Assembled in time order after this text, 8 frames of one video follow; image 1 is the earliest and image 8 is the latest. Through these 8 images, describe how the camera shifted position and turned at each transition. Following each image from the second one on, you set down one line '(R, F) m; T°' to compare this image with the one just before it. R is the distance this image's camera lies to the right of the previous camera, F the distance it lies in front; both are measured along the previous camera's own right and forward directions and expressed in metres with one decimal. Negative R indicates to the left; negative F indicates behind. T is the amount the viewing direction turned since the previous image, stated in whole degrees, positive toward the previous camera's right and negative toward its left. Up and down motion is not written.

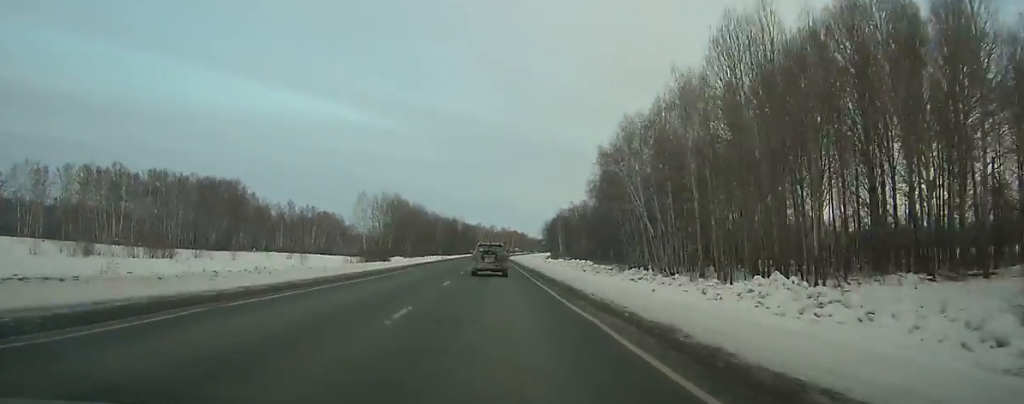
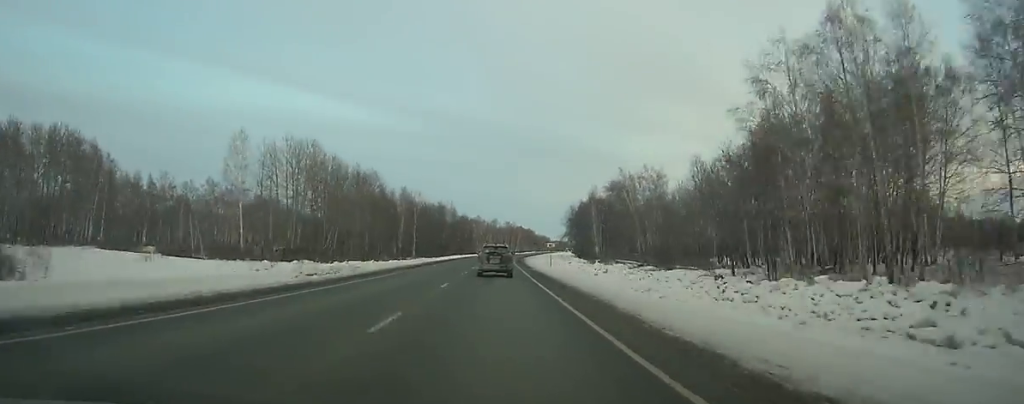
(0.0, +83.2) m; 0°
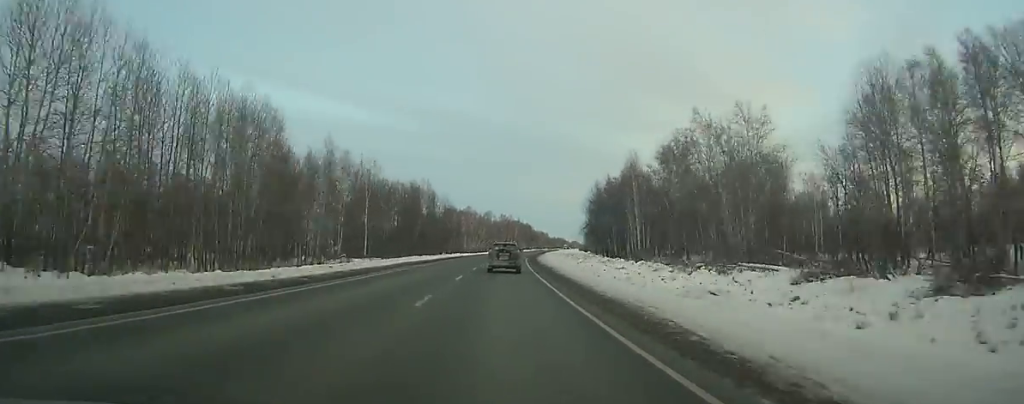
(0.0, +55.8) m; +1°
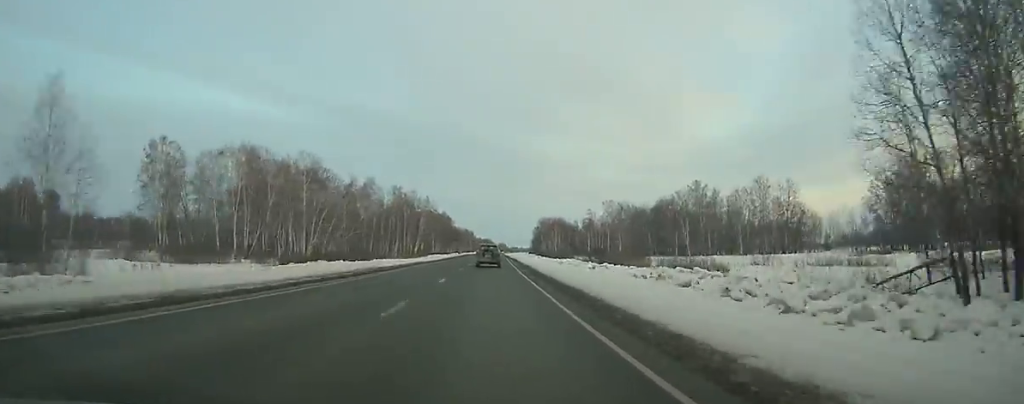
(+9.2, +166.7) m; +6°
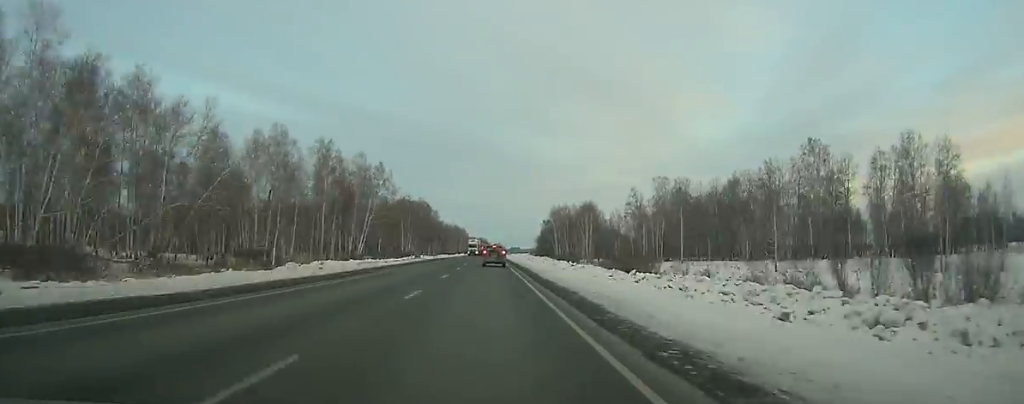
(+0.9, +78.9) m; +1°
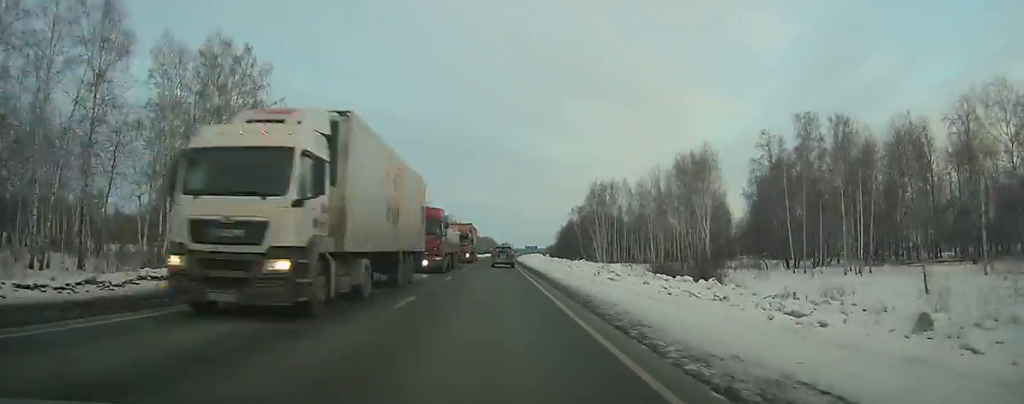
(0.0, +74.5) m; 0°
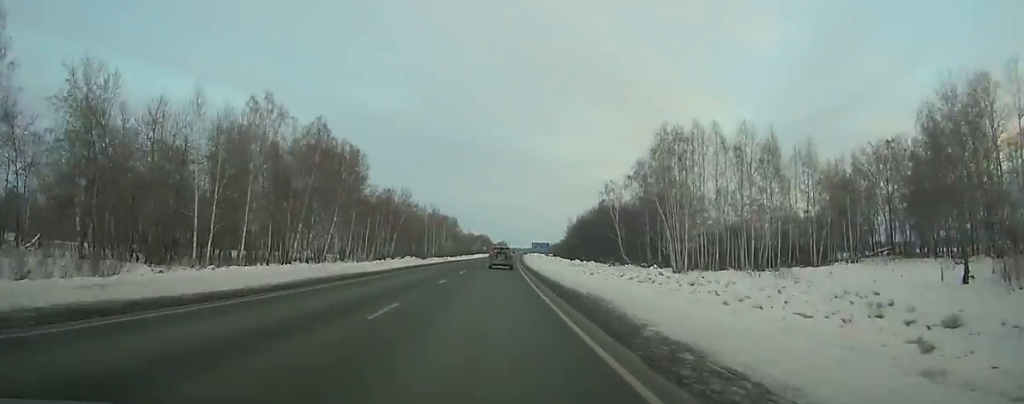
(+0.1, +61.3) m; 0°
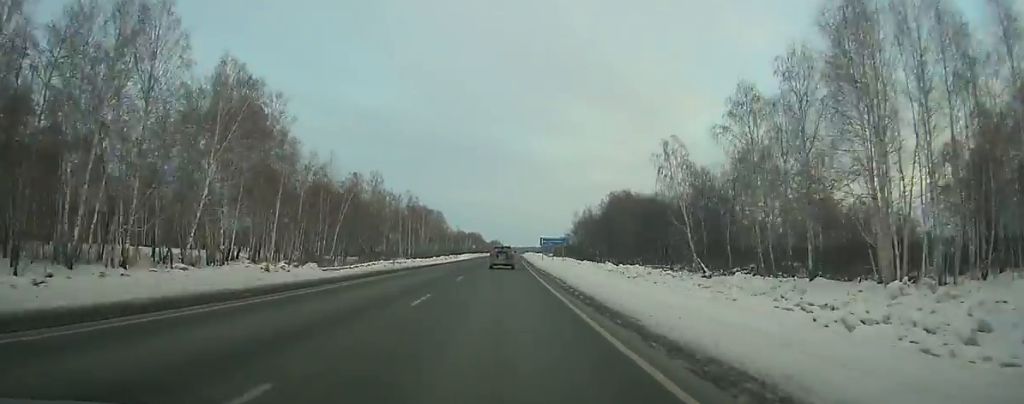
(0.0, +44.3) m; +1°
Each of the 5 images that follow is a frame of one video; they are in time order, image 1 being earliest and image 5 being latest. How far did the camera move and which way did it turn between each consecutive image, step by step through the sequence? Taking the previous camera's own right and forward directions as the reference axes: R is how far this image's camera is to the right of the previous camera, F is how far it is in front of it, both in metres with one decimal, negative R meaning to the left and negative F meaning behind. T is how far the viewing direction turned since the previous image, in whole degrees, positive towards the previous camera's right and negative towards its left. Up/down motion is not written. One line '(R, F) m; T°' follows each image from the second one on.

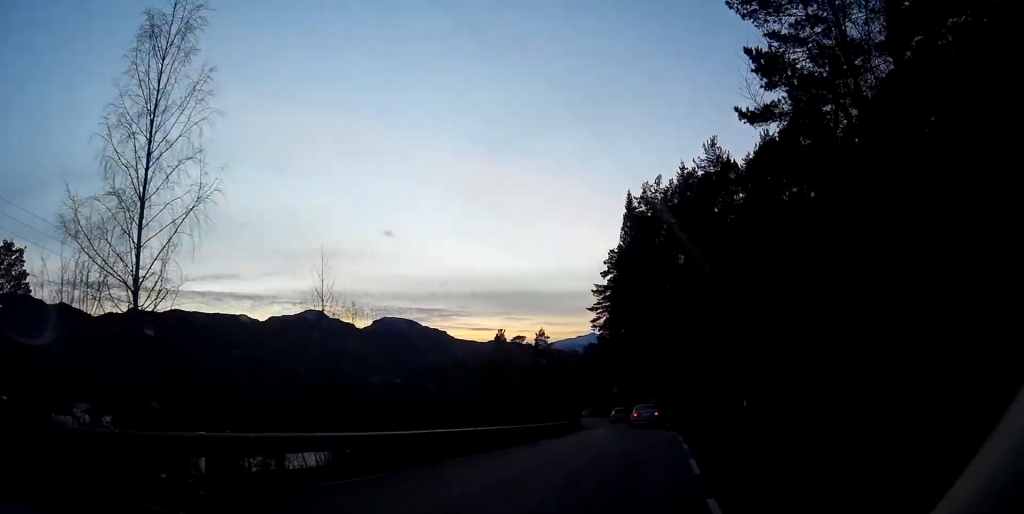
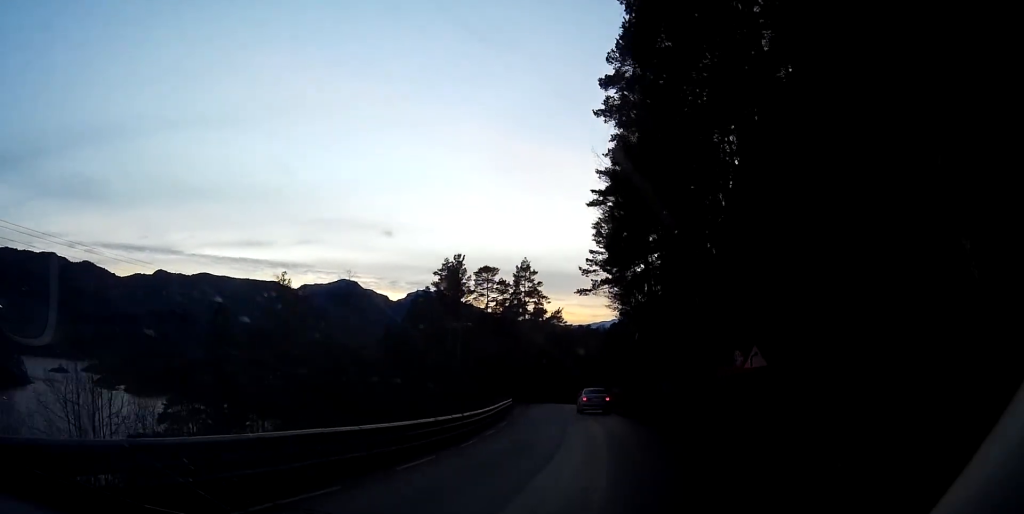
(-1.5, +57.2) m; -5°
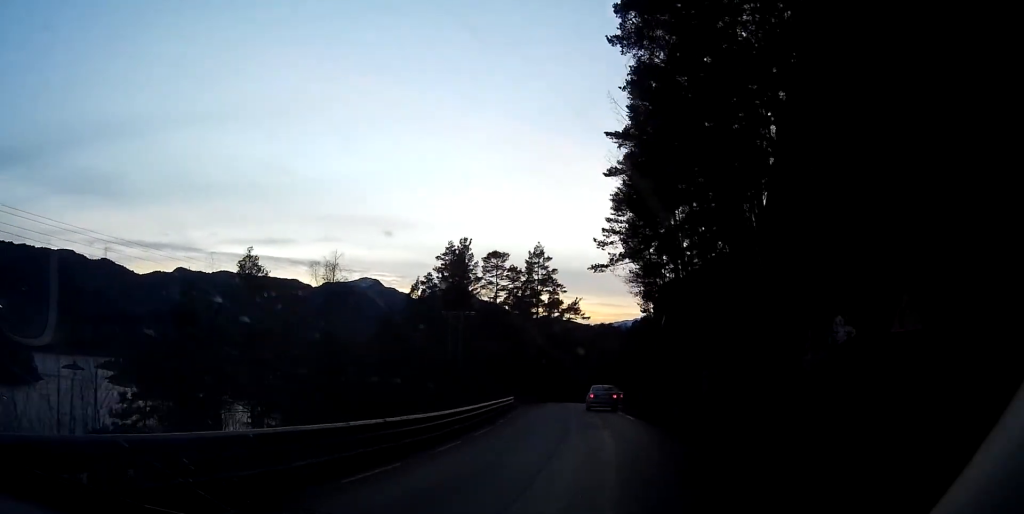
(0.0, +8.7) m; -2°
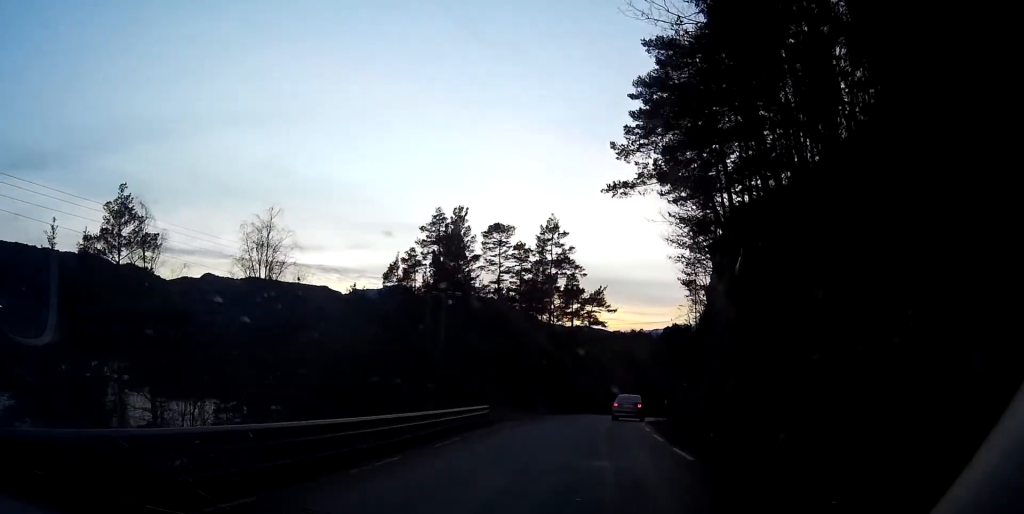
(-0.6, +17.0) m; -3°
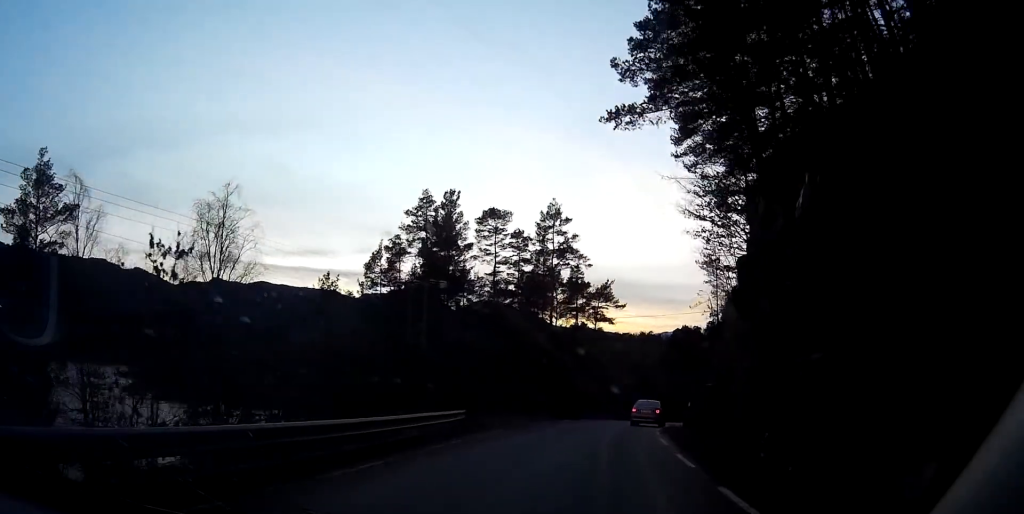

────────────────

- PROBLEM STATEMENT -
No pictures should appear in the copy; write out exactly the lines from the one containing "Each of the" through the end of the material.

- RESPONSE -
Each of the 5 images that follow is a frame of one video; they are in time order, image 1 being earliest and image 5 being latest. How far did the camera move and which way did it turn between each consecutive image, step by step through the sequence? Taking the previous camera's own right and forward directions as the reference axes: R is how far this image's camera is to the right of the previous camera, F is how far it is in front of it, both in metres with one decimal, negative R meaning to the left and negative F meaning behind. T is how far the viewing direction turned since the previous image, in whole degrees, positive towards the previous camera's right and negative towards its left. Up/down motion is not written. One line '(R, F) m; T°' follows each image from the second one on.

(-1.5, +57.2) m; -5°
(0.0, +8.7) m; -2°
(-0.6, +17.0) m; -3°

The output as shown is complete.